Trans Employee Sues McDonald's For 'Extreme Sexual Harassment,' Discrimination

A former McDonald's employee is suing the company and a franchise owner after she says she was sexually harassed and subjected to discrimination on the job because she identifies as transgender.

In a May 25 lawsuit, La'Ray Reed claims her superiors at a McDonald's in Redford, Michigan, subjected her to "extreme sexual harassment and disparate treatment." The 25-year-old, who worked at the franchise full-time between April and August 2015, said she was referred to as a "boy-slash-girl" and relegated to using an unused bathroom that had been serving as a storage closet because she is trans. She also claims her genitals were groped.

"I am transgender, but I have never dealt with anything like that, especially in the work field," Reed said in a video released Thursday by the workers' rights group Fight for $15, which is locked in a legal battle with McDonald's to improve employee pay and conditions. She noted that her hours were slashed, and she was eventually fired, after she spoke to a manager about the abuse. "They actually took me off the schedule," she said. "So with that being said, it was even more stressful, even more depressing."

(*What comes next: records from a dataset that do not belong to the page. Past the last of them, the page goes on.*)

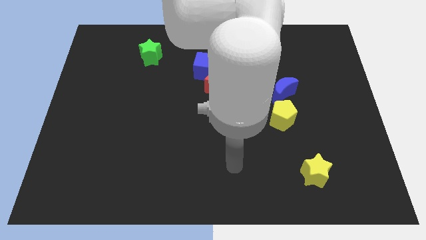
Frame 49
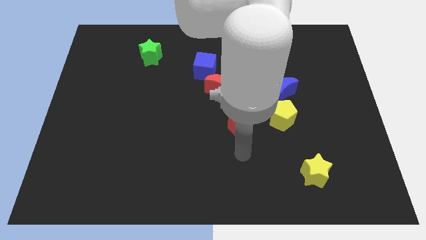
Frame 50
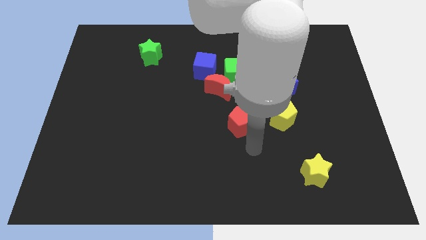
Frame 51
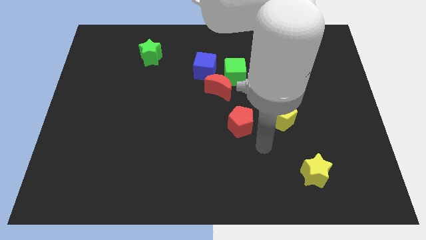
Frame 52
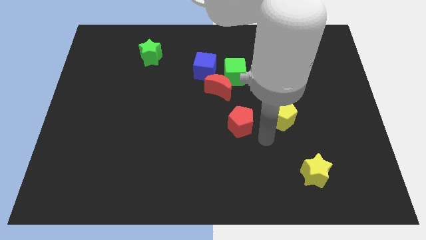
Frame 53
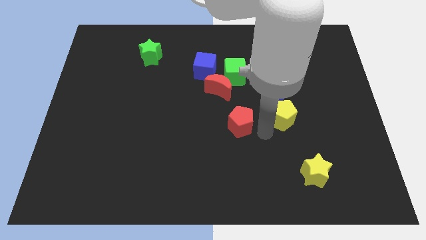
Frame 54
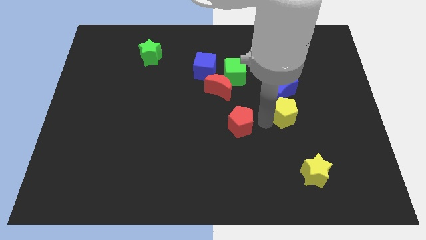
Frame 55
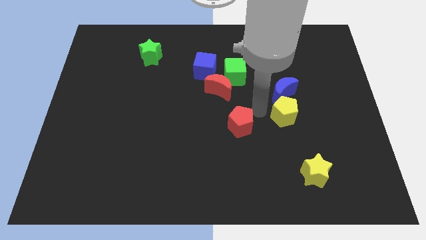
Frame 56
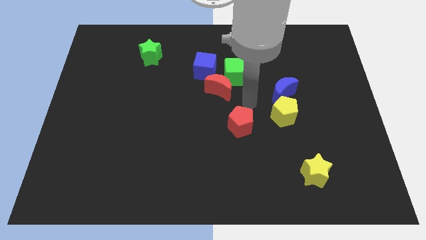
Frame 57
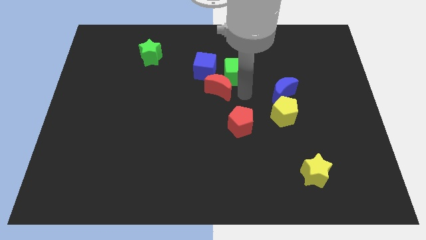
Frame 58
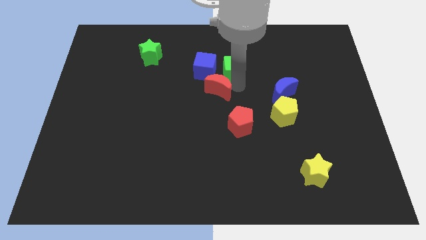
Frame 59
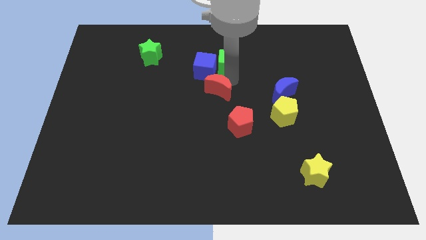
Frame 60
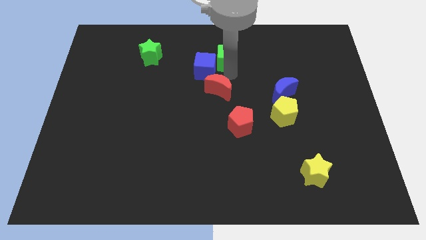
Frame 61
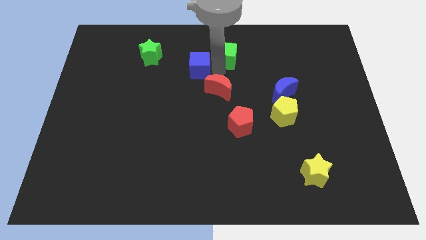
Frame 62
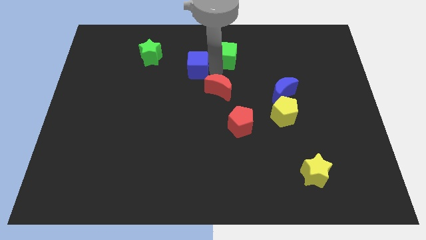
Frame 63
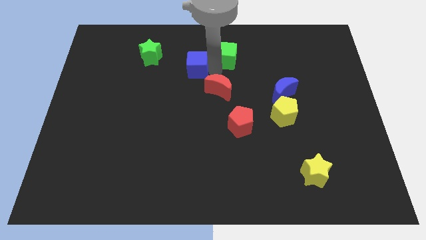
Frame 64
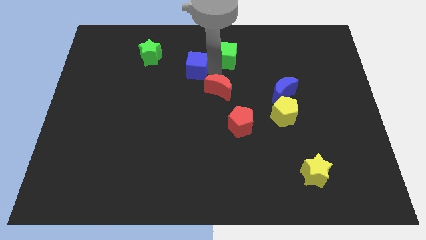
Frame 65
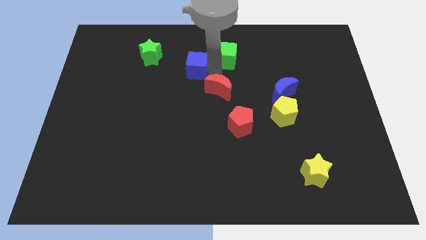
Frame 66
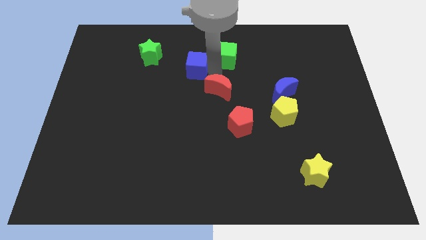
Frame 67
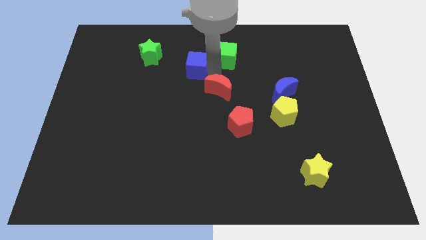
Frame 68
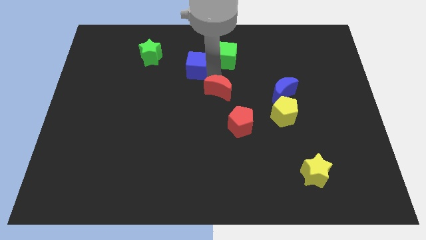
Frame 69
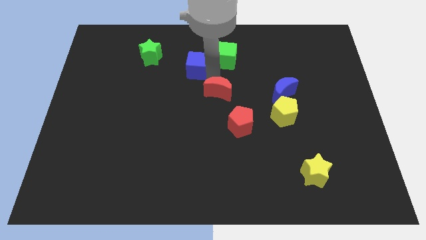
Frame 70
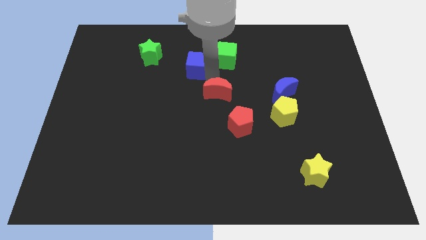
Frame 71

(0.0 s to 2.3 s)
separate the red moon from the green cube and blue cube

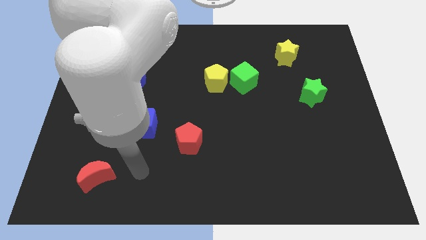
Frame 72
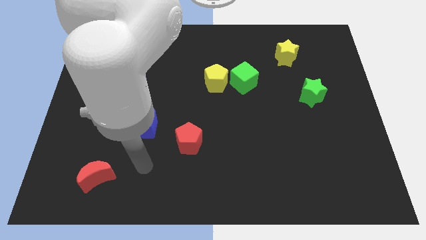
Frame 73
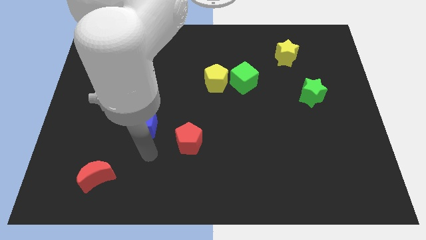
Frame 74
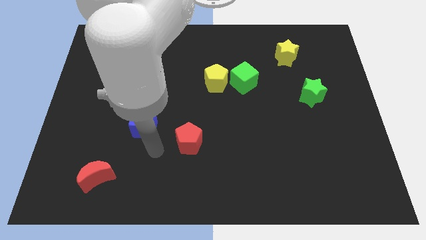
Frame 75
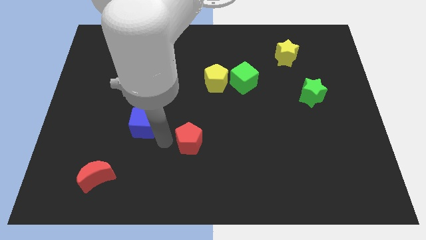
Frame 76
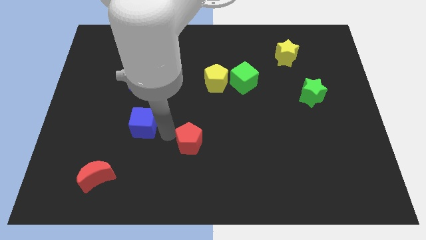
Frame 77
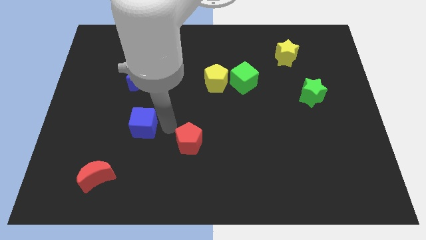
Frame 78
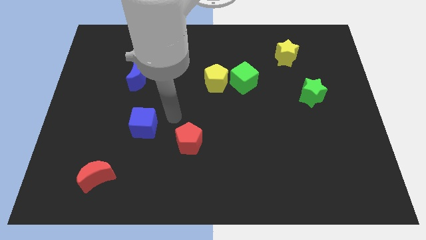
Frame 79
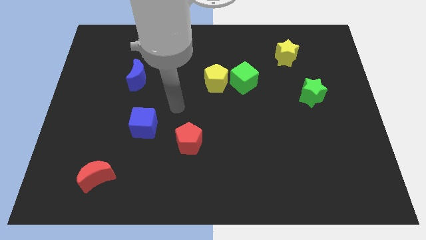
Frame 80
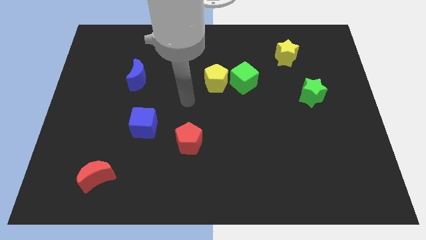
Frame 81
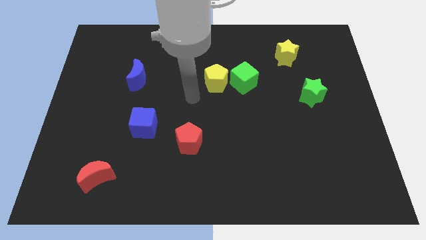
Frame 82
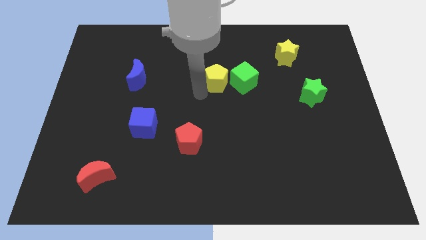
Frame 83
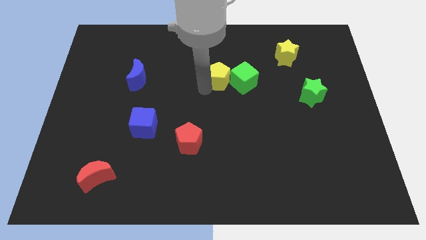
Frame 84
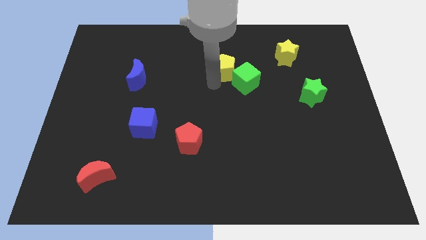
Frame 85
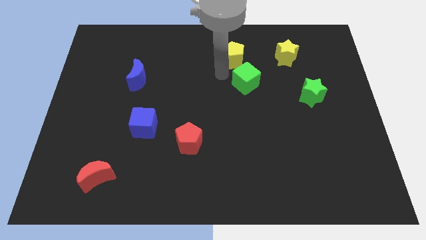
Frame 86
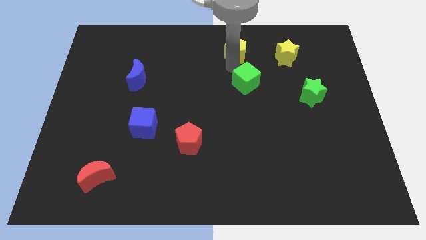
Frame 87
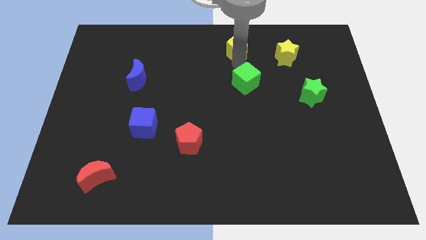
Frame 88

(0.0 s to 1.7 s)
move the green cube away from the yellow pentagon

Though McDonald's has a history of supporting the LGBTQ community, several queer advocacy groups said the lawsuit implied that the company's inclusive efforts may be hypocritical. "McDonald's can't pinkwash its record of harassment and discrimination against LGBTQ workers with a fry box and a parade float," Pride at Work executive director Jerame Davis said in a press release. "It will take a real commitment to equality and better treatment for its workers to address the horrific allegations in these complaints."

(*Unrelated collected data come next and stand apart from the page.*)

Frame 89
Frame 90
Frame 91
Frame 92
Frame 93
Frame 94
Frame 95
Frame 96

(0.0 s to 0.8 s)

Reed, who is seeking damages for loss of wages, emotional pain and loss of self-esteem, filed the lawsuit in an effort to "show that trans lives matter," said attorney Anthony D. Paris of the Sugar Law Center for Economic and Social Justice in an email to HuffPost.

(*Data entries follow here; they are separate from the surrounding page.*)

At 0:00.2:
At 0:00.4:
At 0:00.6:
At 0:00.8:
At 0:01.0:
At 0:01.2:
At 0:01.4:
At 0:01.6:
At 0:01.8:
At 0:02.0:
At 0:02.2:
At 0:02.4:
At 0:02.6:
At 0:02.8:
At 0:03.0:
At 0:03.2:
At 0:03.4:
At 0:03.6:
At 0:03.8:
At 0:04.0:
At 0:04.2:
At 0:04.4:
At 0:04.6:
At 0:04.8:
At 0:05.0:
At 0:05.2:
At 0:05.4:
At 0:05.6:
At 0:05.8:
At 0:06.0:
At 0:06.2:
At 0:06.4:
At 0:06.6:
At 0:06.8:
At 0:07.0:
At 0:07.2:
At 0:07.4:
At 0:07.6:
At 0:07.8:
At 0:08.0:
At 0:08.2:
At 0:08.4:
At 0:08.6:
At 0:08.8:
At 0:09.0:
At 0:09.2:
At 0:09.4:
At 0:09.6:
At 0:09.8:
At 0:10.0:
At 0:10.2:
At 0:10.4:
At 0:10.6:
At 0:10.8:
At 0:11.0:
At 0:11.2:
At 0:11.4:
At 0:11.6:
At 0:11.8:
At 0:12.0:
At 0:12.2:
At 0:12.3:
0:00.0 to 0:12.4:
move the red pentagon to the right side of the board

"She wants to stand up for herself and the other employees of a billion dollar industry, to show that it's not okay to sexually harass and discriminate against the employees who work for you,"wrote Paris, who is representing Reed. "She wants them to know it's not okay to treat their employees that way, and they can't get away with it."

Reed "knows she is not the only person," he continued. "It's happened to others and its gone on for too long, so she is standing up for herself and for others."

HuffPost has reached out to McDonald's for comment on the lawsuit. A company spokesperson told the Detroit Free Press, "As a company, we are committed to the well-being and fair treatment of all people who work in McDonald's restaurants and discrimination of any kind is completely inconsistent with our values."

"As this is an ongoing legal matter involving an independent owner operator," the spokesperson continued, "we cannot comment further."